Echolocation

In the early 18th century, the Italian naturalist Lazzaro Spallanzani was studying the sensing of bats. He found out that bats can orientate themselves in absolute darkness without their eyes, but that this is not possible without the help of their ears. But it was only later in the end of the 1930s that the US researcher Donald Griffin and some of his colleagues succeeded in making the calls of bats audible and revealing the bats' acoustic mode of orientation. Echolocation is found not only in bats but also in toothed whales, some cave-dwelling bird species and shrews. Put simply, in echolocation, the brain forms a picture of the environment by analysing echoes produced by self-produced sounds. In most bats, echolocation calls are produced in the larynx. Lips and skin appendages at the nose and mouth area serve as so-called acoustic lenses, which help to focus the calls more precisely, similar to a camera. Bats produce very different echolocation calls that vary in volume, length and pitch depending on the species and situation. Most of the time, these calls are so high-pitched that we, as humans, cannot hear them, which is why they are also called ultrasonic calls. The human hearing range extends from about 2 to 20 kHz. Bat calls are usually higher than 20 kHz and in exceptional cases can reach frequencies of up to 300 kHz. Echolocation calls are also subject to some physical limitations. High frequencies are very quickly attenuated in the air. This means that the higher the frequency used by the animals, the shorter the range of the corresponding call. However, the use of high frequencies also brings advantages. The higher the tone, the smaller structures the bats can acoustically detect. Thus, it is not possible for the animals to achieve a large range with their calls at the same time as high resolution. This problem is solved by the animals in a very flexible way. Most bats can change the calls they emit to adapt them flexibly to the respective environment and situation. In habitats with dense vegetation, such as forests, high-frequency calls are advantageous, because here a precise resolution ensures that obstacles can be avoided and prey can still be detected against the background of the vegetation.

Basically, two types of echolocation calls can be distinguished: Constant-frequency calls and frequency-modulated calls. The latter start at very high frequencies and then pass through a frequency band of lower frequencies. This frequency band can be more or less steep and the modulation of frequencies often occurs in a very short time (2-5 ms). So-called simple-nosed bats (vesper bats), which include most bat species found in Germany, can produce echolocation calls in particularly wide frequency bands. By increasing the bandwidth of the calls, the bats increase the information content of the echo. Especially the distance to an object or a prey insect can be estimated very well this way. Very broadband calls therefore occur mainly in bats that hunt in dense vegetation, such as the native Bechstein's or Natterer's bats (Myotis bechsteinii; Myotis nattereri).

As a mixed type of these two calls, another call type can be distinguished: the quasi-constant-frequency call. Such calls begin with a small frequency-modulated section that can vary greatly from call to call, even in individual animals. The information that can be obtained with this call is not aimed at the exact localisation of an object, but at the detection of objects in a large range. Therefore, this call type is mostly used by bat species that hunt in open areas and fly very fast, such as common noctules (Nyctalus noctula). Then, as soon as an object is detected, the bats switch to frequency-modulated echolocation, which provides more information about the exact location, size or shape of an object.

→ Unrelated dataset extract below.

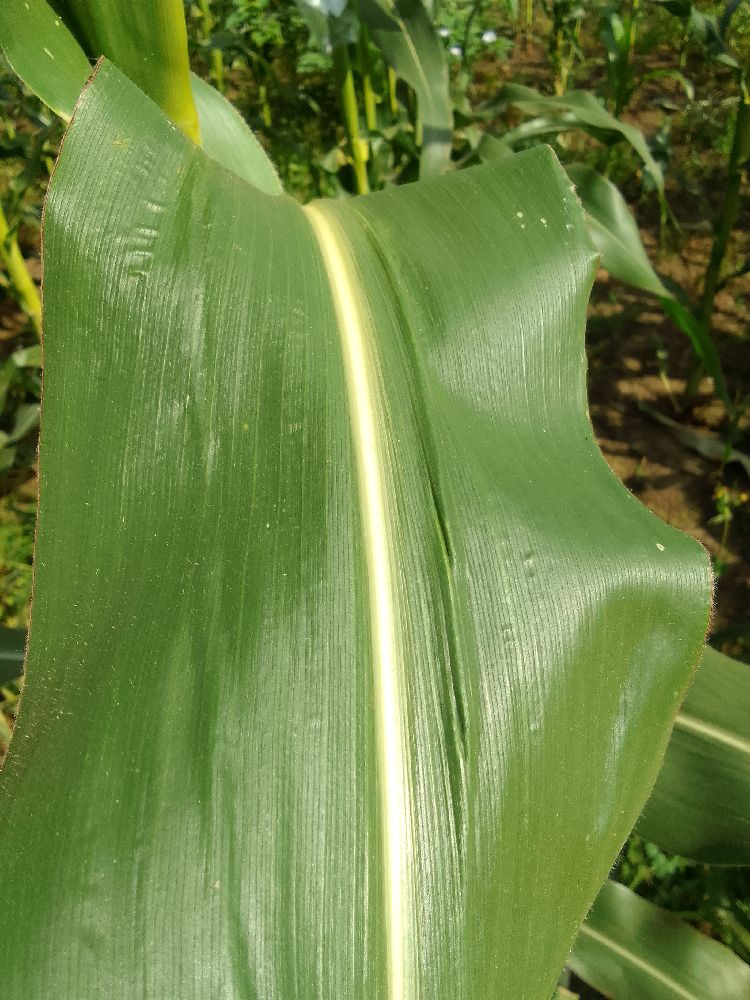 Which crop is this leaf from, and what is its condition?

maize, healthy

Fruit bats are the only group within bats that have not evolved echolocation, in which calls are produced via the larynx. However, some fruit bats (of the genus Rousettus) produce echolocation calls via rapid tongue clicks. Therefore, it is possible for these flying foxes to fly in caves where there is total darkness. Flying foxes that cannot echolocate, on the other hand, can only use entrance areas of caves  where sufficient daylight makes visual orientation possible.

When listening to echolocation calls with the Batdetector, we distinguish between "wet" and "dry" calls depending on the auditory impression. It is one of the most important distinguishing features for species recognition with the Batdetector.
Pure frequency-modulated calls produce a "dry" auditory impression because the bats call so quickly from top to bottom (i.e. from high to low frequencies) that our ear does not manage to recognise the calls "translated" into our auditory range with the Batdetector as sounds. It simply happens too fast for us. Therefore, these calls have no sound quality for us. These calls are called "dry".
In the case of so-called quasi-constant-frequency calls, the calls are lowered quickly at the beginning but change only very slowly at the end, which is why these calls are almost constant-frequency at the end. The auditory impression is reminiscent of a splash or drops of water falling on a water surface, which is why we speak of "wet" calls here.

When a sound source moves towards us or we move towards the sound source, the frequency of the perceived sound shifts to a higher range than when the sound source moves away from us or we move away from it. This means that we hear a higher tone when the sound source is approaching us (compare approaching ambulance).